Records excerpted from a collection

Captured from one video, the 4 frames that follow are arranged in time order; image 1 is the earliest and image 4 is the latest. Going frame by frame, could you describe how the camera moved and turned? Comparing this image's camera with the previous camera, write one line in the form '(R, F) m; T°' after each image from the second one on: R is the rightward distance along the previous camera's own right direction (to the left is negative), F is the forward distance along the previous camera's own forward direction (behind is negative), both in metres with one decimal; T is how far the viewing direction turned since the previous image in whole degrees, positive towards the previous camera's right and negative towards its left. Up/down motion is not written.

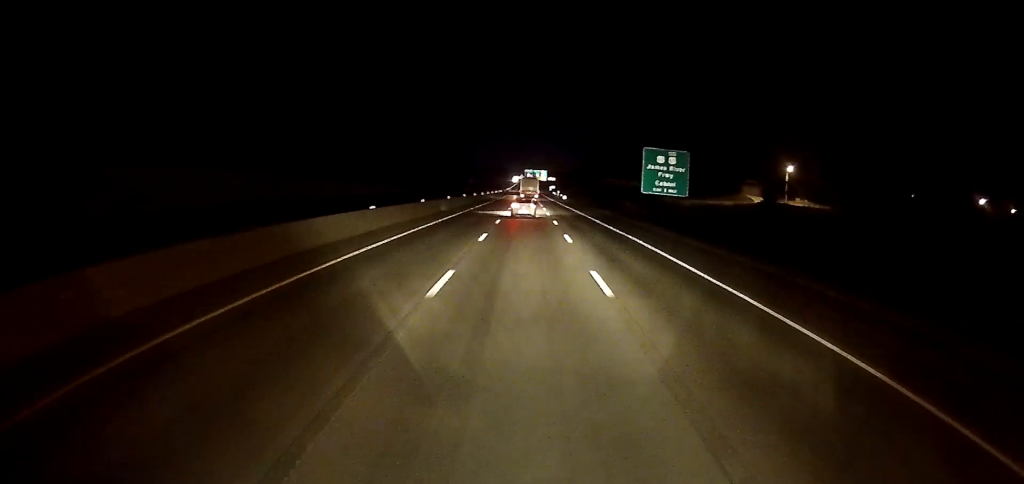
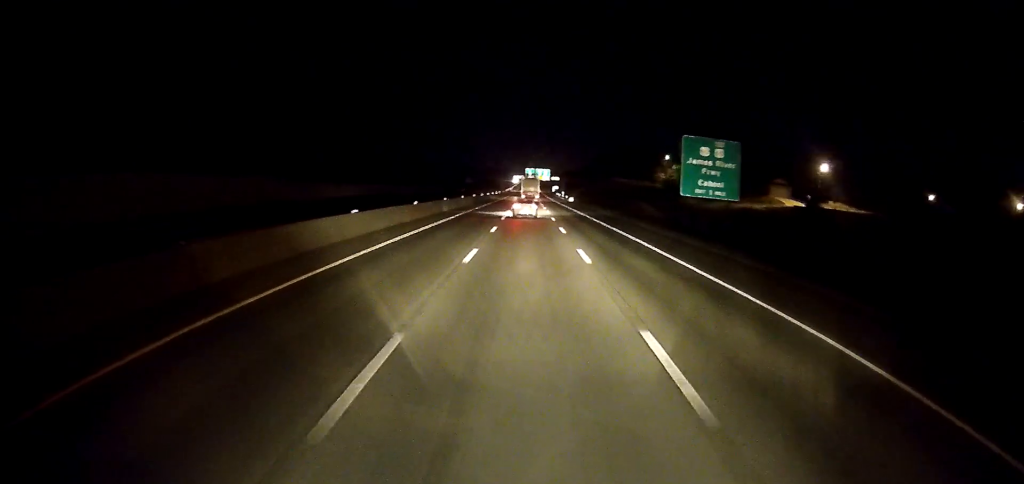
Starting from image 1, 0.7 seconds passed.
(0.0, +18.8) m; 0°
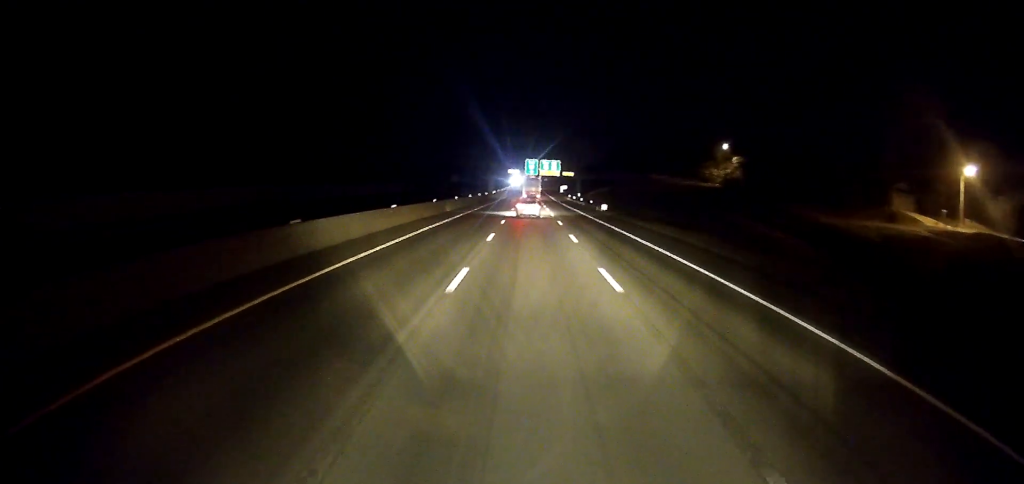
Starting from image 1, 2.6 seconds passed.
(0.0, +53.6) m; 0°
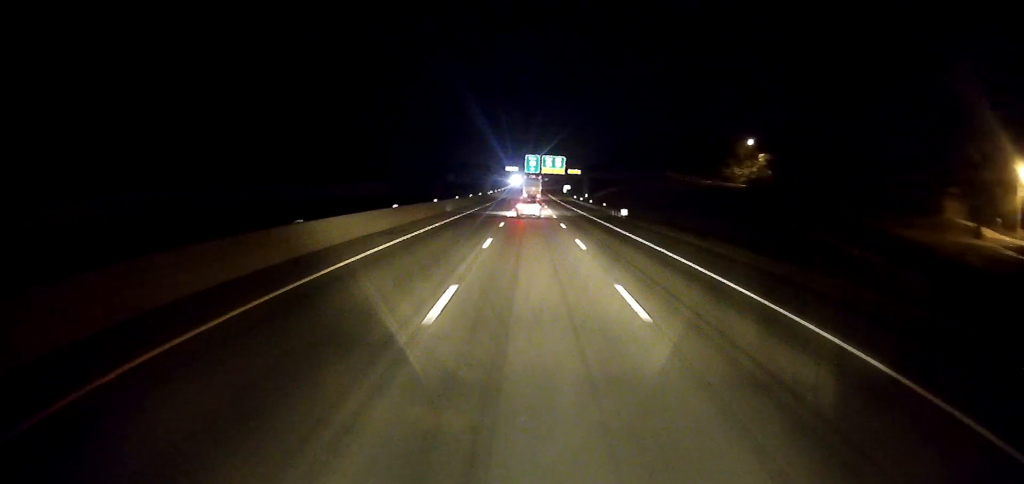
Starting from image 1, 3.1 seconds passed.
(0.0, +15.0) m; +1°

- **Description of the task**: Copy the records above precisely, and leave every image out of the copy.

- **Answer for the task**:
Captured from one video, the 4 frames that follow are arranged in time order; image 1 is the earliest and image 4 is the latest. Going frame by frame, could you describe how the camera moved and turned? Comparing this image's camera with the previous camera, write one line in the form '(R, F) m; T°' after each image from the second one on: R is the rightward distance along the previous camera's own right direction (to the left is negative), F is the forward distance along the previous camera's own forward direction (behind is negative), both in metres with one decimal; T is how far the viewing direction turned since the previous image in whole degrees, positive towards the previous camera's right and negative towards its left. Up/down motion is not written.

Starting from image 1, 0.7 seconds passed.
(0.0, +18.8) m; 0°
Starting from image 1, 2.6 seconds passed.
(0.0, +53.6) m; 0°
Starting from image 1, 3.1 seconds passed.
(0.0, +15.0) m; +1°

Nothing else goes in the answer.